Exercise details: Give every line of the data again, unchanged, but with no pictures.

=== Section Start ===

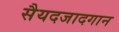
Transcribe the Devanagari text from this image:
सैयदजादगान
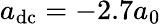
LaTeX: a_{\mathrm{dc}}=-2.7a_{0}
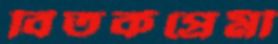
বিতর্কপ্রেমী
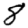
Digit: 8
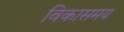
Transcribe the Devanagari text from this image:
विकासमय
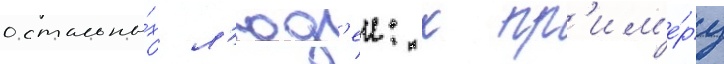
остальны́х л'юд'еи: к пр'им'е́ру
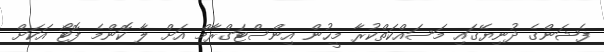
ފެޝަންގެ ދުނިޔޭގައި މަސައްކަތްކުރާ މީހުން އިންސްޓަގްރާމް އަށް ލާ ކޮންމެ ފޮޓޯ އަކަށް
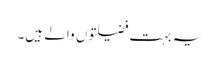
یہ بہت فضیلتوں والے ہیں۔
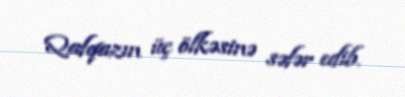
Qafqazın üç ölkəsinə səfər edib.
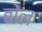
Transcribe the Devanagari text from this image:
बोंल
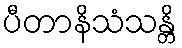
ပီတာနိသံသန္တိ
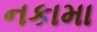
નકામા
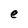
Character: e
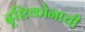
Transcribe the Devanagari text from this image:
दृष्टिकोनाची
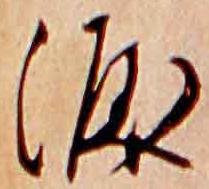
涙
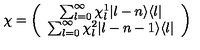
\chi = \left( \begin{array} { c } { \sum _ { l = 0 } ^ { \infty } \chi _ { l } ^ { 1 } | l - n \rangle \langle l | } \\ { \sum _ { l = 0 } ^ { \infty } \chi _ { l } ^ { 2 } | l - n - 1 \rangle \langle l | } \\ \end{array} \right)
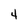
Character: 4
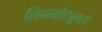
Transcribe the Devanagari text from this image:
लिगनोट्यूबर्स
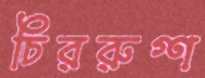
চিররুগ্‌ণ
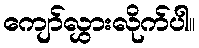
ကျော်လွှားလိုက်ပါ။
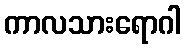
ကာလသားရောဂါ
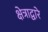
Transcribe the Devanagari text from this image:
क्षेत्राद्वारे
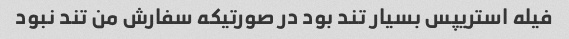
فیله استریپس بسیار تند بود در صورتیکه سفارش من تند نبود
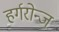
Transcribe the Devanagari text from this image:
हर्गरोन्ज
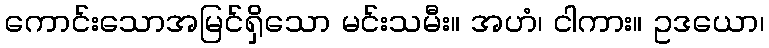
ကောင်းသောအမြင်ရှိသော မင်းသမီး။ အဟံ၊ ငါကား။ ဥဒယော၊
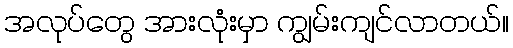
အလုပ်တွေ အားလုံးမှာ ကျွမ်းကျင်လာတယ်။
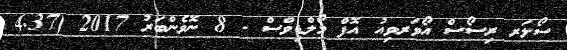
ސޯލަރ ރިސޯސް އޯވަރވިއު އޮފް މޯލްޑިވްސް - 8 ނޮވެންބަރު 2017 (4.37
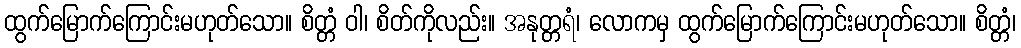
ထွက်မြောက်ကြောင်းမဟုတ်သော။ စိတ္တံ ဝါ၊ စိတ်ကိုလည်း။ အနုတ္တရံ၊ လောကမှ ထွက်မြောက်ကြောင်းမဟုတ်သော။ စိတ္တံ၊
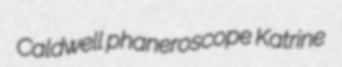
Caldwell phaneroscope Katrine
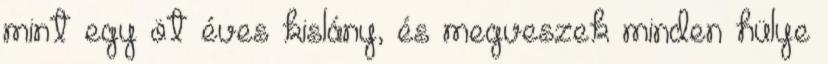
mint egy öt éves kislány, és megveszek minden hülye
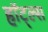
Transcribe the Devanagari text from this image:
हॉट्ल्स
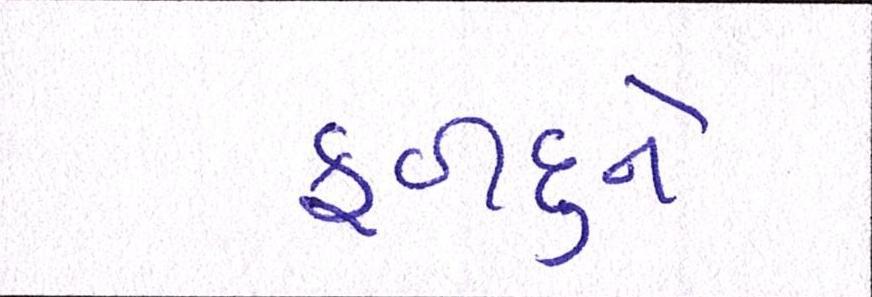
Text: ફળદુને
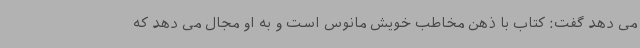
می دهد گفت: کتاب با ذهن مخاطب خویش مانوس است و به او مجال می دهد که
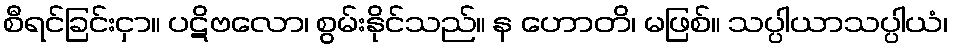
စီရင်ခြင်းငှာ။ ပဋိဗလော၊ စွမ်းနိုင်သည်။ န ဟောတိ၊ မဖြစ်။ သပ္ပါယာသပ္ပါယံ၊
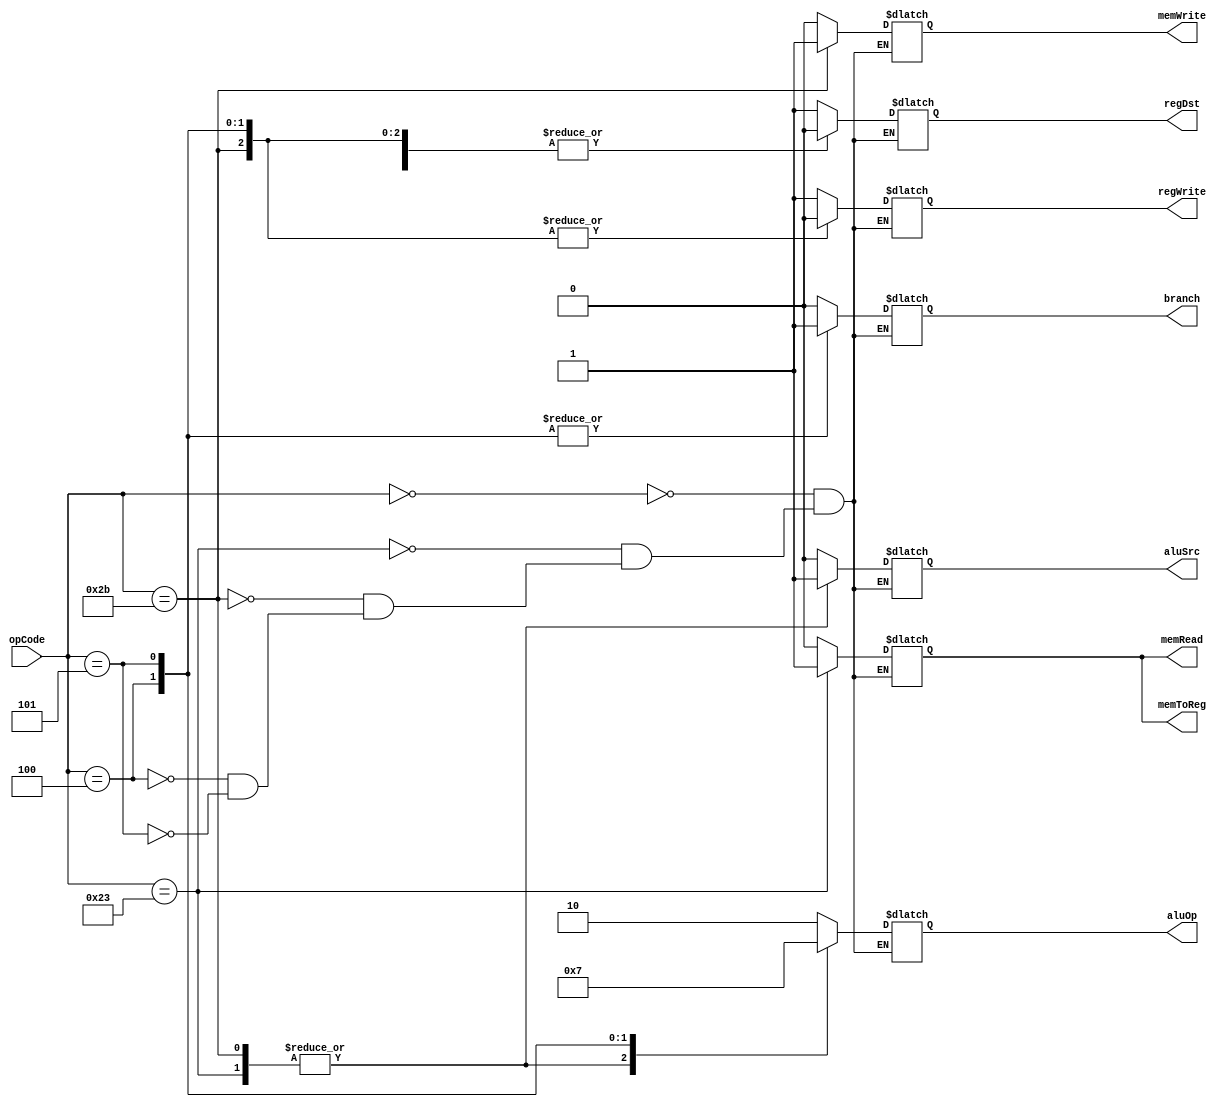
module controlUnit(opCode,regDst,branch,memRead,memToReg,aluOp,memWrite,aluSrc,regWrite);

input [5:0] opCode;

output regDst,branch,memRead,memToReg,memWrite,aluSrc,regWrite;
output [1:0] aluOp;
reg regDst,branch,memRead,memToReg,memWrite,aluSrc,regWrite;
reg [1:0] aluOp;

initial 
begin
regDst=0;
branch=0;
memRead=0;
memToReg=0;
memWrite=0;
aluSrc=0;
regWrite=0;
aluOp=0;
end

always @(opCode)
begin
case(opCode)
6'b000000:{regDst,aluSrc,memToReg,regWrite,memRead,memWrite,branch,aluOp}=9'b100100010;	//R-format
6'b100011:{regDst,aluSrc,memToReg,regWrite,memRead,memWrite,branch,aluOp}=9'b011110000;	//lw
6'b101011:{regDst,aluSrc,memToReg,regWrite,memRead,memWrite,branch,aluOp}=9'b010001000;	//sw
6'b000100:{regDst,aluSrc,memToReg,regWrite,memRead,memWrite,branch,aluOp}=9'b000000101;	//beq
6'b000101:{regDst,aluSrc,memToReg,regWrite,memRead,memWrite,branch,aluOp}=9'b000000111;	//bne
endcase
end

endmodule
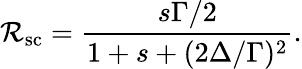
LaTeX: \mathcal{R}_{\mathrm{{sc}}}=\frac{{s\Gamma/2}}{{1+s+(2\Delta/\Gamma)^{2}}}.
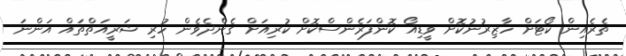
ތެރެއިން ކޯޓަށް ހާޒިރުނުކޮށް ވީޑިއޯ ކޮންފަރެންސްކޮށް ކުރިއަށް ގެންދެވެން ހުރި ޝަރީއަތްތައް އަންނަ
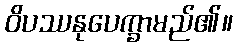
ဝိပဿနုပေက္ခာမည်၏။
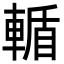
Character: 輴
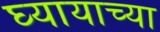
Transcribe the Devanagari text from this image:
घ्यायाच्या
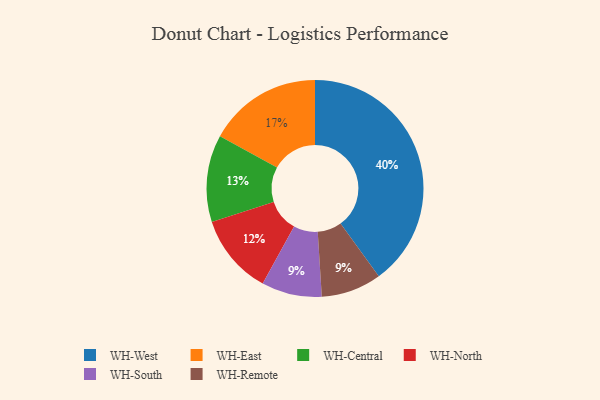
{"axis": {"x": "Category", "y": "Percentage"}, "legend": ["WH-Central", "WH-East", "WH-North", "WH-Remote", "WH-South", "WH-West"], "data": [{"x": "WH-Central", "y": 13, "type": "WH-Central"}, {"x": "WH-East", "y": 17, "type": "WH-East"}, {"x": "WH-South", "y": 9, "type": "WH-South"}, {"x": "WH-Remote", "y": 9, "type": "WH-Remote"}, {"x": "WH-North", "y": 12, "type": "WH-North"}, {"x": "WH-West", "y": 40, "type": "WH-West"}]}
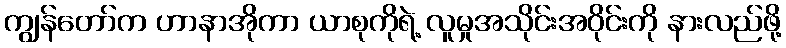
ကျွန်တော်က ဟာနာအိုကာ ယာစုကိုရဲ့ လူမှုအသိုင်းအဝိုင်းကို နားလည်ဖို့
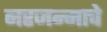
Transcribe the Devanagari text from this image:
नरजन्माचे
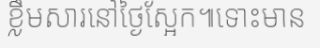
ខ្លឹមសារនៅថ្ងៃស្អែក៕ទោះមាន
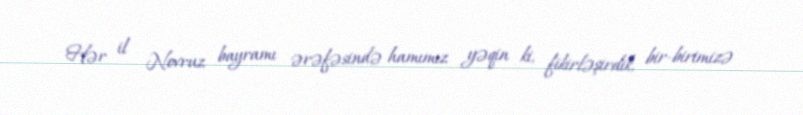
Hər il Novruz bayramı ərəfəsində hamımız yəqin ki, fikirləşirdik, bir-birimizə
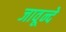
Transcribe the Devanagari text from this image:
जावून्दे
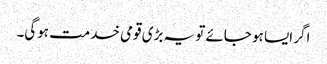
اگر ایسا ہو جائے تو یہ بڑی قومی خدمت ہوگی۔
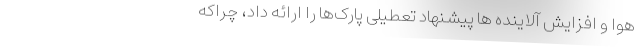
هوا و افزایش آلاینده ها پیشنهاد تعطیلی پارک‌ها را ارائه داد، چراکه

=== Section End ===

Exercise answer:
Transcribe the Devanagari text from this image:
सैयदजादगान
LaTeX: a_{\mathrm{dc}}=-2.7a_{0}
বিতর্কপ্রেমী
Digit: 8
Transcribe the Devanagari text from this image:
विकासमय
остальны́х л'юд'еи: к пр'им'е́ру
ފެޝަންގެ ދުނިޔޭގައި މަސައްކަތްކުރާ މީހުން އިންސްޓަގްރާމް އަށް ލާ ކޮންމެ ފޮޓޯ އަކަށް
یہ بہت فضیلتوں والے ہیں۔
Qafqazın üç ölkəsinə səfər edib.
Transcribe the Devanagari text from this image:
बोंल
ပီတာနိသံသန္တိ
નકામા
Character: e
Transcribe the Devanagari text from this image:
दृष्टिकोनाची
涙
\chi = \left( \begin{array} { c } { \sum _ { l = 0 } ^ { \infty } \chi _ { l } ^ { 1 } | l - n \rangle \langle l | } \\ { \sum _ { l = 0 } ^ { \infty } \chi _ { l } ^ { 2 } | l - n - 1 \rangle \langle l | } \\ \end{array} \right)
Character: 4
Transcribe the Devanagari text from this image:
लिगनोट्यूबर्स
চিররুগ্‌ণ
ကျော်လွှားလိုက်ပါ။
ကာလသားရောဂါ
Transcribe the Devanagari text from this image:
क्षेत्राद्वारे
فیله استریپس بسیار تند بود در صورتیکه سفارش من تند نبود
Transcribe the Devanagari text from this image:
हर्गरोन्ज
ကောင်းသောအမြင်ရှိသော မင်းသမီး။ အဟံ၊ ငါကား။ ဥဒယော၊
အလုပ်တွေ အားလုံးမှာ ကျွမ်းကျင်လာတယ်။
ސޯލަރ ރިސޯސް އޯވަރވިއު އޮފް މޯލްޑިވްސް - 8 ނޮވެންބަރު 2017 (4.37
ထွက်မြောက်ကြောင်းမဟုတ်သော။ စိတ္တံ ဝါ၊ စိတ်ကိုလည်း။ အနုတ္တရံ၊ လောကမှ ထွက်မြောက်ကြောင်းမဟုတ်သော။ စိတ္တံ၊
Caldwell phaneroscope Katrine
mint egy öt éves kislány, és megveszek minden hülye
Transcribe the Devanagari text from this image:
हॉट्ल्स
Text: ફળદુને
می دهد گفت: کتاب با ذهن مخاطب خویش مانوس است و به او مجال می دهد که
စီရင်ခြင်းငှာ။ ပဋိဗလော၊ စွမ်းနိုင်သည်။ န ဟောတိ၊ မဖြစ်။ သပ္ပါယာသပ္ပါယံ၊
module controlUnit(opCode,regDst,branch,memRead,memToReg,aluOp,memWrite,aluSrc,regWrite);

input [5:0] opCode;

output regDst,branch,memRead,memToReg,memWrite,aluSrc,regWrite;
output [1:0] aluOp;
reg regDst,branch,memRead,memToReg,memWrite,aluSrc,regWrite;
reg [1:0] aluOp;

initial 
begin
regDst=0;
branch=0;
memRead=0;
memToReg=0;
memWrite=0;
aluSrc=0;
regWrite=0;
aluOp=0;
end

always @(opCode)
begin
case(opCode)
6'b000000:{regDst,aluSrc,memToReg,regWrite,memRead,memWrite,branch,aluOp}=9'b100100010;	//R-format
6'b100011:{regDst,aluSrc,memToReg,regWrite,memRead,memWrite,branch,aluOp}=9'b011110000;	//lw
6'b101011:{regDst,aluSrc,memToReg,regWrite,memRead,memWrite,branch,aluOp}=9'b010001000;	//sw
6'b000100:{regDst,aluSrc,memToReg,regWrite,memRead,memWrite,branch,aluOp}=9'b000000101;	//beq
6'b000101:{regDst,aluSrc,memToReg,regWrite,memRead,memWrite,branch,aluOp}=9'b000000111;	//bne
endcase
end

endmodule
LaTeX: \mathcal{R}_{\mathrm{{sc}}}=\frac{{s\Gamma/2}}{{1+s+(2\Delta/\Gamma)^{2}}}.
ތެރެއިން ކޯޓަށް ހާޒިރުނުކޮށް ވީޑިއޯ ކޮންފަރެންސްކޮށް ކުރިއަށް ގެންދެވެން ހުރި ޝަރީއަތްތައް އަންނަ
ဝိပဿနုပေက္ခာမည်၏။
Character: 輴
Transcribe the Devanagari text from this image:
घ्यायाच्या
{"axis": {"x": "Category", "y": "Percentage"}, "legend": ["WH-Central", "WH-East", "WH-North", "WH-Remote", "WH-South", "WH-West"], "data": [{"x": "WH-Central", "y": 13, "type": "WH-Central"}, {"x": "WH-East", "y": 17, "type": "WH-East"}, {"x": "WH-South", "y": 9, "type": "WH-South"}, {"x": "WH-Remote", "y": 9, "type": "WH-Remote"}, {"x": "WH-North", "y": 12, "type": "WH-North"}, {"x": "WH-West", "y": 40, "type": "WH-West"}]}
ကျွန်တော်က ဟာနာအိုကာ ယာစုကိုရဲ့ လူမှုအသိုင်းအဝိုင်းကို နားလည်ဖို့
Transcribe the Devanagari text from this image:
नरजन्माचे
ខ្លឹមសារនៅថ្ងៃស្អែក៕ទោះមាន
Hər il Novruz bayramı ərəfəsində hamımız yəqin ki, fikirləşirdik, bir-birimizə
Transcribe the Devanagari text from this image:
जावून्दे
اگر ایسا ہو جائے تو یہ بڑی قومی خدمت ہوگی۔
هوا و افزایش آلاینده ها پیشنهاد تعطیلی پارک‌ها را ارائه داد، چراکه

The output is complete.